A.G. - MARÍN
Inspectores de la Junta de Castilla y León y agentes de la Guardia Civil decomisaron ayer dos quilos de almejas procedentes de Marín por carecer del tamaño reglamentario. Los moluscos fueron localizados en un camión frigorífico con destino a Barcelona en el municipio de Torquemada (Palencia), a la altura del quilómetro 62,500 de la Autovía A-62 (Brugos-Portugal).
Además de la partida de almejas, los agentes también descubrieron y decomisaron en el vehículo frigorífico una segunda partida de pescado, formada por 360 kilos de sardinas y otros 360 de jurel procedentes de Benavente, municipio de Zamora.

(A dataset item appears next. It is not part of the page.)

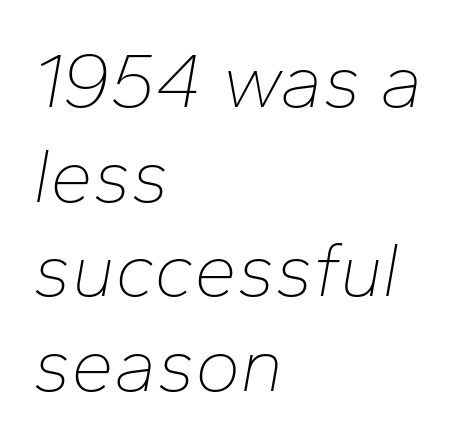
Leftover space on each line is placed entirely after the last word. The letters advance in unequal steps, a hallmark of proportional type. A quiet, ordinary-to-light weight characterises the typeface. A typesetter would call this zero additional tracking.

Una vez incautadas, las partidas de pescado fueron trasladadas hasta las instalaciones del mercado de Valladolid, donde quedaron a disposición de la inspección sanitaria de la Junta de Castilla y León.
Empresa de Pontevedra
Por su parte, la Guardia Civil también informó ayer de que desde el cuerpo ya se había procedido a interponer las correspondientes denuncias contra la sociedad limitada remitente y propietaria de la mercancía, empresa con domicilio social en Pontevedra. A la compañía se le imputan cargos por supuestas infracciones a las condiciones establecidas en la Ley de Pesca Marítima. Ambos descubrimientos, que alcanzaron un total de 722 kilos, se produjeron durante el registro del camión frigorífico, actuación programada dentro de los servicios del convenido del Programa Anual de Control Integral de Actividades Pesqueras, encargados de vigilar el transporte en ruta de pescados con tamaños inferiores a los establecidos en la ley.